• Saved data entries:
<<<<

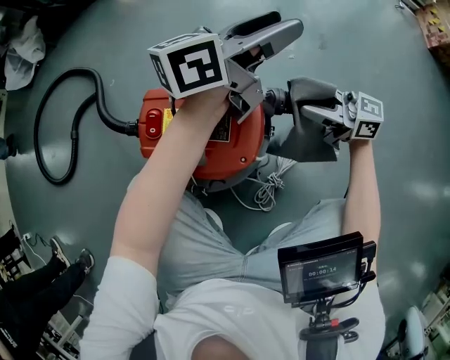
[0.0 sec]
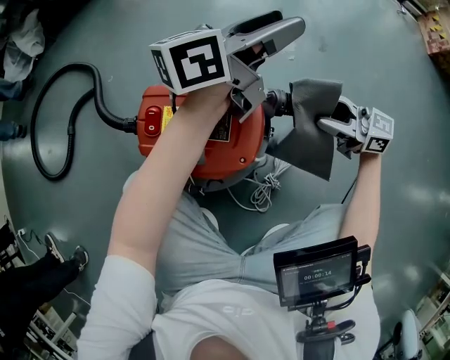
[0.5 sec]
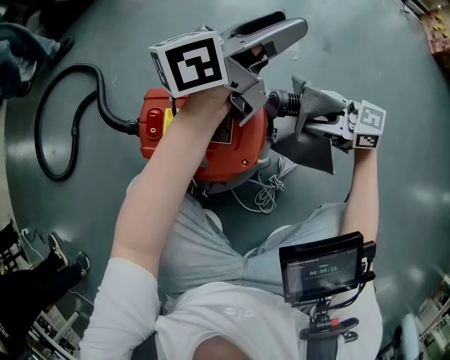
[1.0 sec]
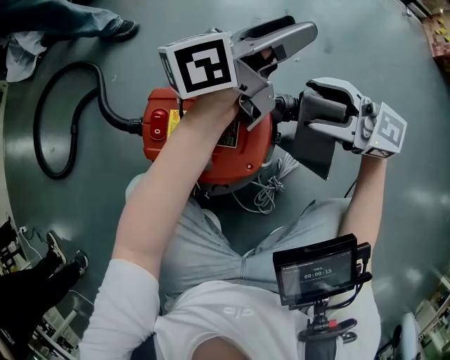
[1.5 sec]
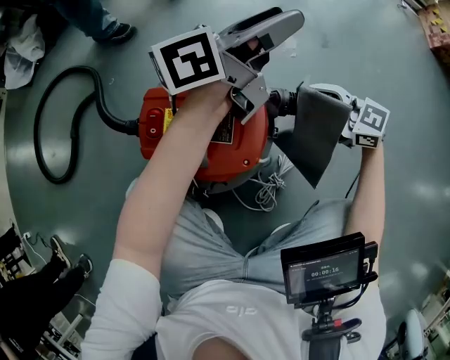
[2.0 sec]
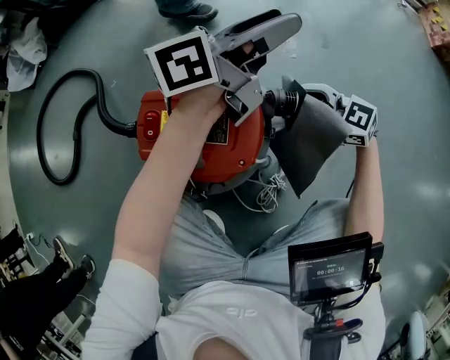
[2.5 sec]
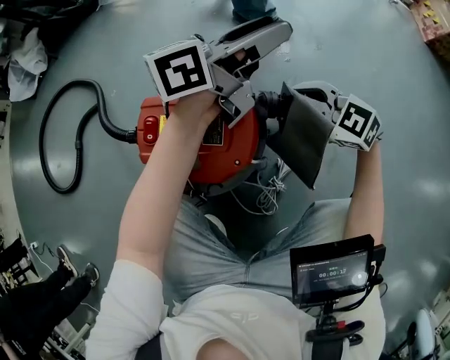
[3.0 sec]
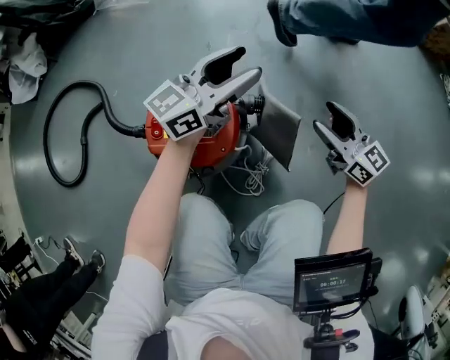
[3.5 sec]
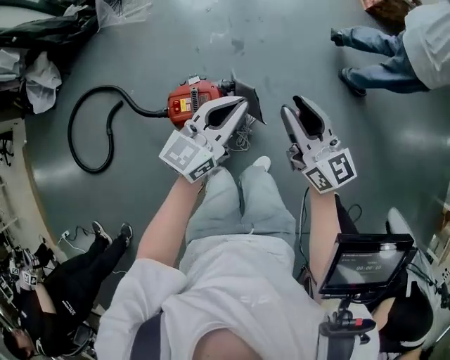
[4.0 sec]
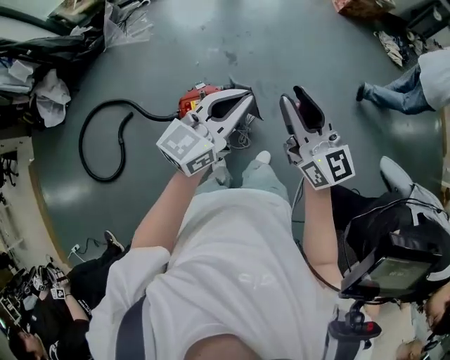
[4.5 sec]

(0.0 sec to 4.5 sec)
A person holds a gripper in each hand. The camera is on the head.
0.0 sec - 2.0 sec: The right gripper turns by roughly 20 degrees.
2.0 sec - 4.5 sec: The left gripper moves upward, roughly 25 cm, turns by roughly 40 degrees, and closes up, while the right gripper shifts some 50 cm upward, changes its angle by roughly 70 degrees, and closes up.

>>>>

• PROBLEM DETAILS: Without the pictures, extract every entry verbatim.

• WRITTEN RESPONSE:
[0.0 sec]
[0.5 sec]
[1.0 sec]
[1.5 sec]
[2.0 sec]
[2.5 sec]
[3.0 sec]
[3.5 sec]
[4.0 sec]
[4.5 sec]

(0.0 sec to 4.5 sec)
A person holds a gripper in each hand. The camera is on the head.
0.0 sec - 2.0 sec: The right gripper turns by roughly 20 degrees.
2.0 sec - 4.5 sec: The left gripper moves upward, roughly 25 cm, turns by roughly 40 degrees, and closes up, while the right gripper shifts some 50 cm upward, changes its angle by roughly 70 degrees, and closes up.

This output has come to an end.